Six dense models—Qwen3-32B, Qwen3-14B, Qwen3-8B, Qwen3-4B, Qwen3-1.7B, and Qwen3-0.6B—are also open-weighted under Apache 2.0.
Hugging Face, ModelScope, and Kaggle now provide post-trained and pre-trained models like Qwen3-30B-A3B-Base. It recommends SGLang and vLLM for deployment. Ollama, LMStudio, MLX, llama.cpp, and KTransformers are recommended for local usage. These solutions make Qwen3 easy to integrate into development, production, and research workflows.

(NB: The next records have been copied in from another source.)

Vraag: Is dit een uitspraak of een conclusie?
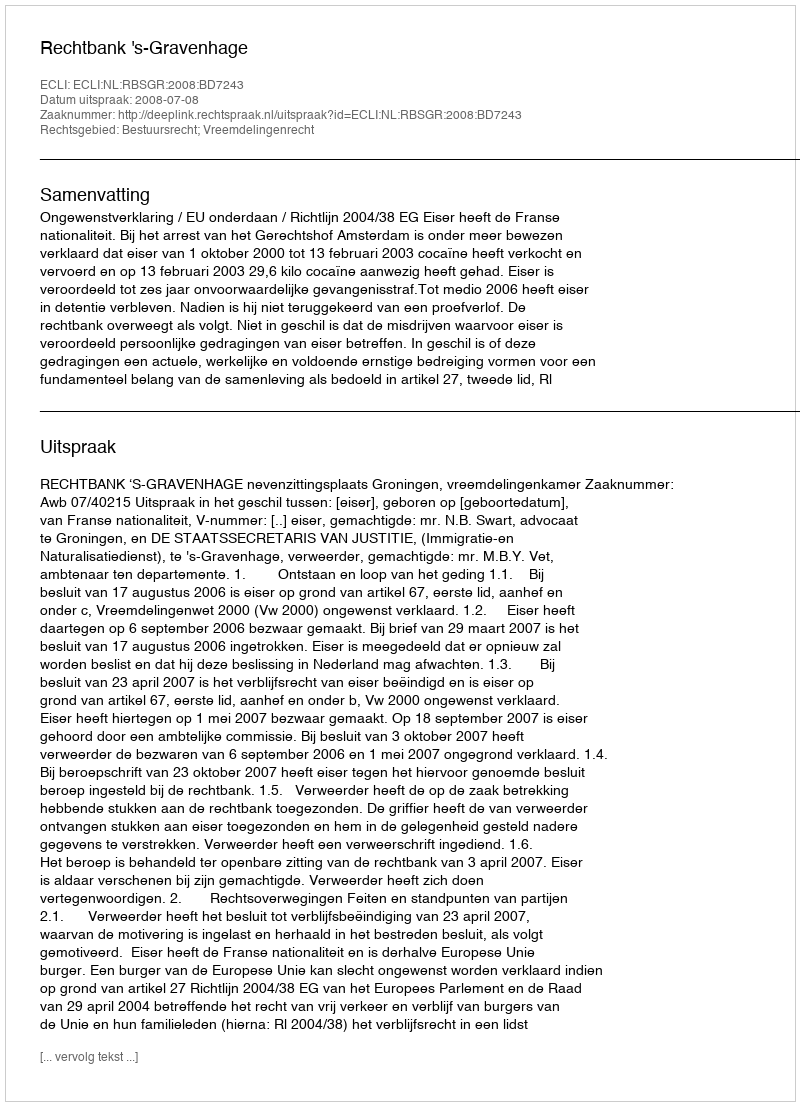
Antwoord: Uitspraak
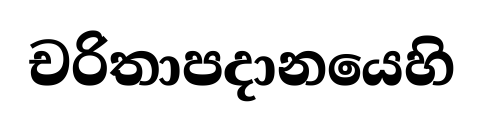
චරිතාපදානයෙහි
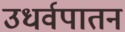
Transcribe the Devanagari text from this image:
उधर्वपातन
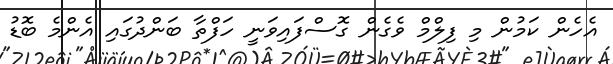
އެހެން ކަމުން މި ފިލްމް ވެގެން ގޮސްފައިވަނީ ހަފްތާ ބަންދުގައި އެންމެ ބޮޑު

Qwen 3 allows researchers, developers, and organisations worldwide to design unique solutions using these cutting-edge models.

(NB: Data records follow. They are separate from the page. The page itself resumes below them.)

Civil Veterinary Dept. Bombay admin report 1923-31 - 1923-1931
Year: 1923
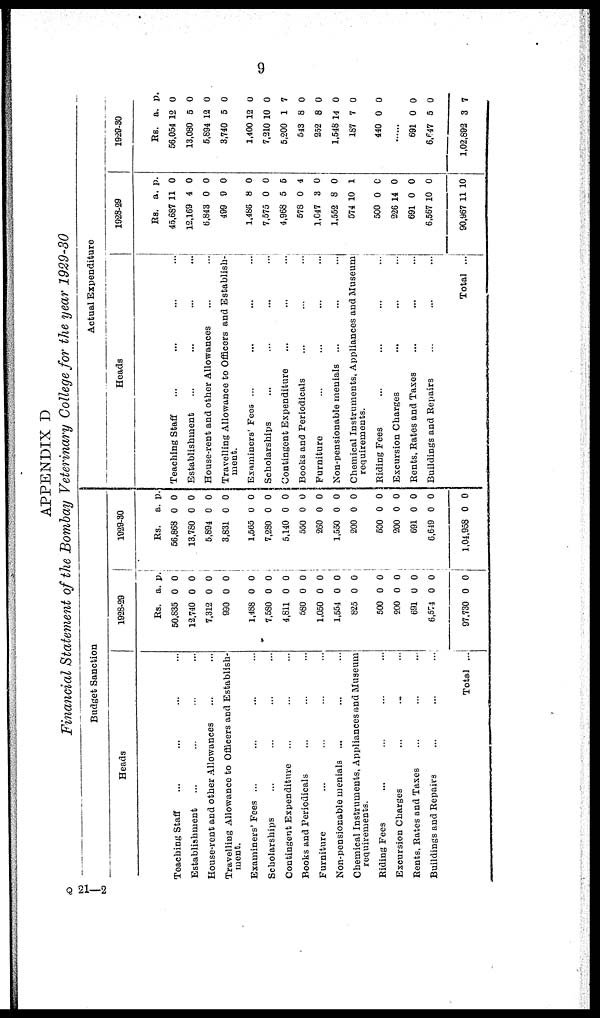
9
APPENDIX D
Financial Statement of the Bombay Veterinary College for the year 1929-30
Budget Sanction
Heads
Teaching Staff ... ... ...
Establishment ... ... ...
House-rent and other Allowances ... ...
Travelling Allowance to Officers and Establish-
ment.
Examiners' Fees ... ... ... ...
Scholarships ... ... ...
Contingent Expenditure ... ... ...
Books and Periodicals ... ... ...
Furniture ... ... ... ...
Non-pensionable menials ... ... ...
Chemical Instruments, Appliances and Museum
requirements.
Biding Fees ... ... ... ...
Excursion Charges ... ... ...
Bents. Bates and Taxes ... ... ...
Buildings and Repairs ... ... ...
Total ...
1928-29
Rs.
50,835
12.740
7,312
990
1,488
7,580
4,811
580
1,050
1,554
825
500
200
691
6,574
97,730
a.
0
0
0
0
0
0
0
0
0
0
0
0
0
0
0
0
p.
0
0
0
0
0
0
0
0
0
0
0
0
0
0
0
0
1029-30
Rs.
56,868
13,780
5,894
3,831
1,565
7,280
5,140
550
260
1,550
200
500
200
691
6,649
1,04,958
a.
0
0
0
0
0
0
0
0
0
0
0
0
0
0
0
0
p.
0
0
0
0
0
0
0
0
0
0
0
0
0
0
0
0
Actual Expenditure
Heads
Teaching Staff ... ... ... ...
Establishment ... ... ... ...
House-rent and other Allowances ... ...
Travelling Allowance to Officers and Establish-
ment.
Examiners' Fees ... ... ... ...
Scholarships ... ... ... ...
Contingent Expenditure ... ... ...
Books and Periodicals ... ... ...
Furniture ... ... ... ...
Non-pensionable menials ... ... ...
Chemical Instruments, Appliances and Museum
requirements.
Biding Fees ... ... ... ...
Excursion Charges ... ... ...
Bents, Bates and Taxes ... ... ...
Buildings and Repairs ... ... ...
Total ...
1928-29
Rs.
45,687
12,169
6,843
499
1,486
7,575
4,968
578
1,047
1,552
574
500
226
691
6,567
90,967
a.
11
4
0
9
8
0
5
0
3
8
10
0
14
0
10
11
p.
0
0
0
0
0
0
5
4
0
0
1
0
0
0
0
10
1929-30
Rs.
56,054
13,080
5,894
3,740
1.400
7,210
5,200
543
252
1,548
187
440
a.
12
5
12
5
12
10
1
8
8
14
7
0
p.
0
0
0
0
0
0
7
0
0
0
0
0
......
691
6,647
1,02,892
0
5
3
0
0
7
Q 21—2

Try Qwen3 on the mobile app and chat.qwen.ai!
Qwen3 models introduce hybrid problem-solving. They offer two modes:
Thinking Mode: The model deliberates before responding. This is ideal for complex topics that require more thought.
Non-Thinking Mode: The model replies almost rapidly, making it suitable for simpler questions where depth is less important than speed.
As previously established, Qwen 3 delivers smooth and scalable performance benefits connected to computational reasoning budget. This design makes task-specific budgets easier to configure, improving inference quality and cost.
Supports several languages
Qwen 3 models accommodate 119 dialects. Due to their multilingual capabilities, these models may be used worldwide, opening up new possibilities.
Increased Agentic Capability
It optimised Qwen 3 models for coding and agentic capabilities and strengthened MCP support. The following examples show how Qwen3 thinks and acts.
Qwen3 has a much larger pretraining dataset than Qwen2.5. Qwen2.5 was pre-trained on 18 trillion tokens, whereas Qwen3 uses 36 trillion over 119 languages and dialects. Qwen2.5-VL applied these research to enhance it. To add math and code data, Qwen2.5-Math and Qwen2.5-Coder developed synthetic data. Code samples, textbooks, and Q&As are included.
It takes three stages to prepare for training. The model was pretrained on about 30 trillion tokens with a 4K context length in stage 1 (S1). The model learnt basic language and general knowledge at this time. In stage 2 (S2), we added STEM, coding, and reasoning challenges to the dataset. The model was pretrained with 5 trillion extra tokens. High-quality long-context data was used to extend the context to 32K tokens in the last stage. This assures the model can efficiently handle longer inputs.
Qwen 3 dense base models perform similarly to Qwen2.5 base models with more parameters due to model architectural advancements, more training data, and more efficient training methods. Qwen2.5-3B/7B/14B/32B/72B-Base and Qwen3-1.7B/4B/8B/14B/32B-Base work similarly. Qwen 3 dense base models outperform Qwen2.5 models in STEM, coding, and reasoning. For Qwen3-MoE basis models, they perform similarly to Qwen2.5 dense base models with 10% of active parameters. Thus, training and inference costs drop dramatically.
The hybrid model, which can reason step-by-step and respond swiftly, was trained using a four-stage pipeline. This pipeline includes reasoning-based reinforcement learning (RL), thinking mode fusion, long chain-of-thought (CoT) cold start, and generic RL.
First, it improved the models using lengthy CoT data from coding, maths, logical reasoning, and STEM issues. Teaching the model fundamental thinking was the goal. The second phase increased reinforcement learning computing power using rule-based incentives to better model exploration and exploitation.
The third phase enhanced the thinking model utilising extended CoT data and regularly used instruction-tuning data to include non-thinking skills. The second stage's upgraded thinking model produced this data, ensuring smooth reasoning and rapid reaction times. The fourth step employed reinforcement learning (RL) on over 20 broad-domain tasks to increase the model's general capabilities and repair undesired behaviours. Agent capabilities, format following, and instruction following were among these duties.
Qwen 3 calls tools well. To fully exploit Qwen3's agentic features, use Qwen-Agent. Qwen-Agent's inherent encapsulation of tool-calling templates and parsers simplifies development.
The MCP configuration file, Qwen-Agent integrated tool, or custom tools can define available tools.